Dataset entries

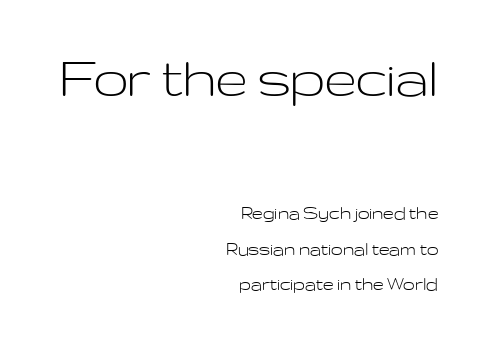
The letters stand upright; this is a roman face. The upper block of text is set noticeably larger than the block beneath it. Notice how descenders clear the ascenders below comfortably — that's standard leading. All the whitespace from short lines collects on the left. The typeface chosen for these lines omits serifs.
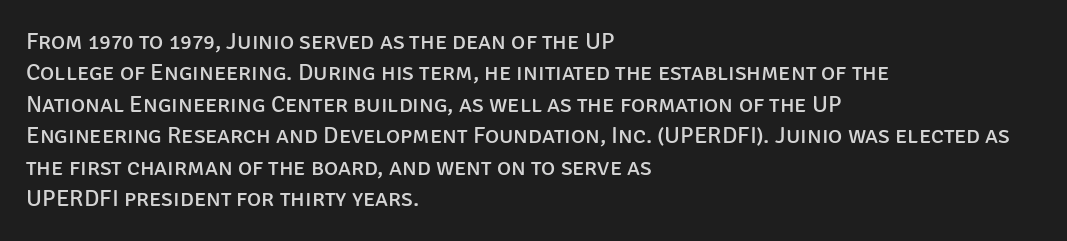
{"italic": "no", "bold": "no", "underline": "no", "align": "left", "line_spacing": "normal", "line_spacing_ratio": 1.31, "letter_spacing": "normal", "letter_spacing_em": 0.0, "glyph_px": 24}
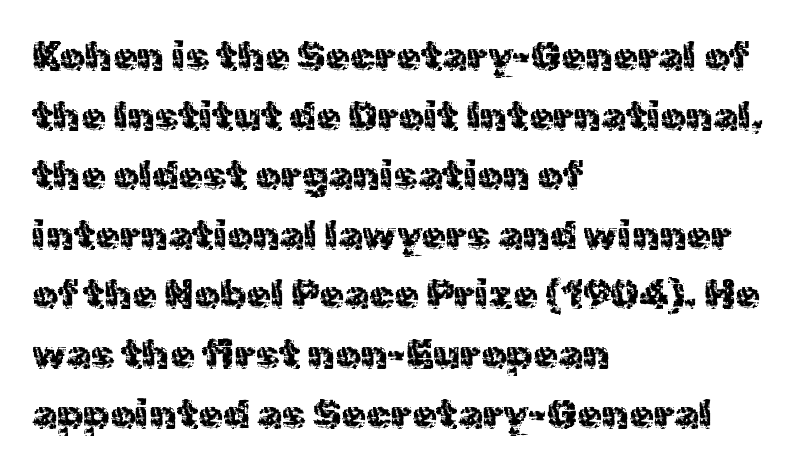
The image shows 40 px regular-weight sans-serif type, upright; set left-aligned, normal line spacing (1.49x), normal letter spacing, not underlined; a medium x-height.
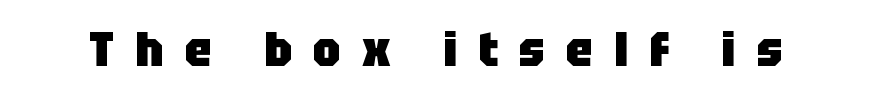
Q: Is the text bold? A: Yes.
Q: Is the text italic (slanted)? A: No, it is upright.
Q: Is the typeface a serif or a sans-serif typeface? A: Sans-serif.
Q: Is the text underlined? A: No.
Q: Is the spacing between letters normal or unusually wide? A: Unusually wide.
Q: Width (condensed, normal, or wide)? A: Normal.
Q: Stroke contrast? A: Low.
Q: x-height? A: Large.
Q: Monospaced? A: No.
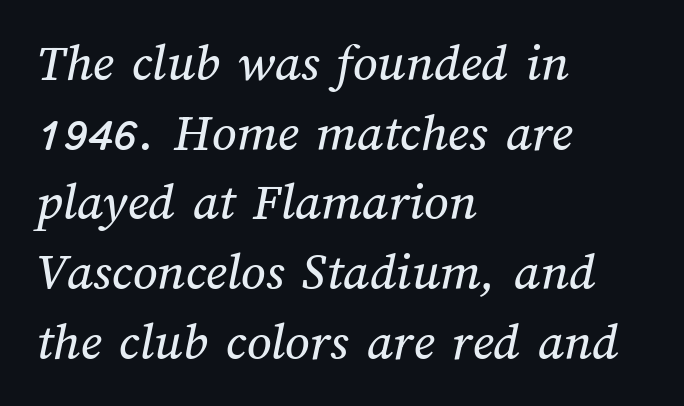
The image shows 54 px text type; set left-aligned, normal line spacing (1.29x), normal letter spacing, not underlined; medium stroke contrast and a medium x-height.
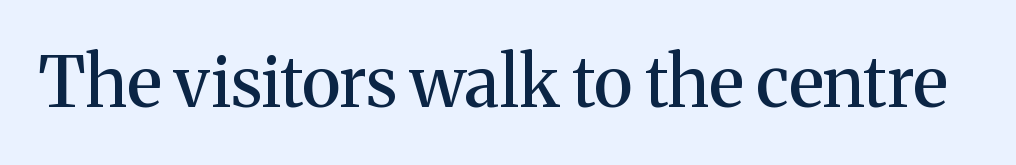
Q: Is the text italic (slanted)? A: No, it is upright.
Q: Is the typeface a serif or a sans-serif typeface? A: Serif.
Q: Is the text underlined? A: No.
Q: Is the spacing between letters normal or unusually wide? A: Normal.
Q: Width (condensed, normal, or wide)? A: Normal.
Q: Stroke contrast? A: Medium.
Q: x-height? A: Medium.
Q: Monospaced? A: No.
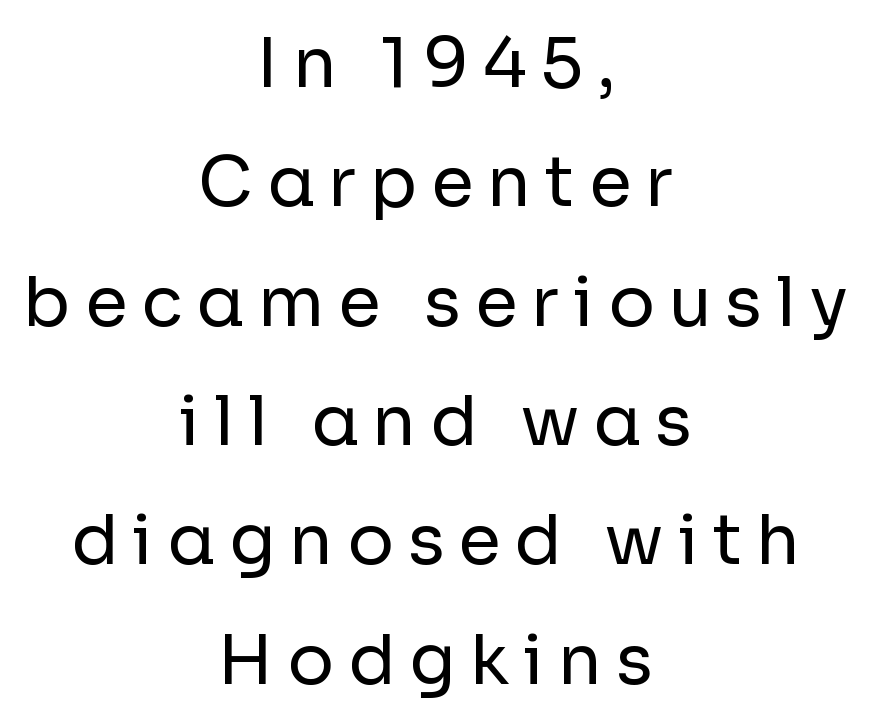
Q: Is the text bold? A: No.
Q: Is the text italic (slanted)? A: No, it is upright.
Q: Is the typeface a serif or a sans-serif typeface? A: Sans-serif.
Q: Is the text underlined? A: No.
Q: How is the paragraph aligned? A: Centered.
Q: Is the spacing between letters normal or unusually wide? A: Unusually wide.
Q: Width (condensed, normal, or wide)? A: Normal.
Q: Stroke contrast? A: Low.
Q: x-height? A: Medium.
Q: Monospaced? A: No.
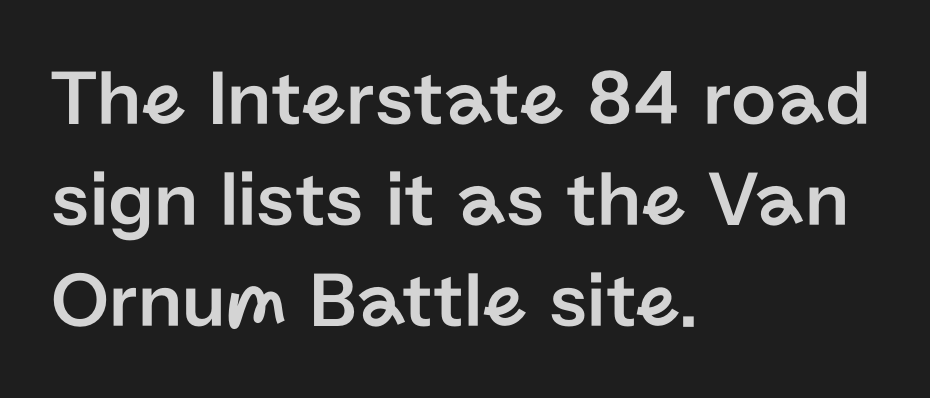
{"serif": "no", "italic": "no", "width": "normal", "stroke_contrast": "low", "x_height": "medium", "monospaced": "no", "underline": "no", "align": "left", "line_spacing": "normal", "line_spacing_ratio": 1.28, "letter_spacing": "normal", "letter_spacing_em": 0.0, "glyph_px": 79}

» **EXERCISE DESCRIPTION**
Working through the records, find each line containing the word "bold" and copy it.

» **YOUR SOLUTION**
{"italic": "no", "bold": "no", "underline": "no", "align": "left", "line_spacing": "normal", "line_spacing_ratio": 1.31, "letter_spacing": "normal", "letter_spacing_em": 0.0, "glyph_px": 24}
Q: Is the text bold? A: Yes.
Q: Is the text bold? A: No.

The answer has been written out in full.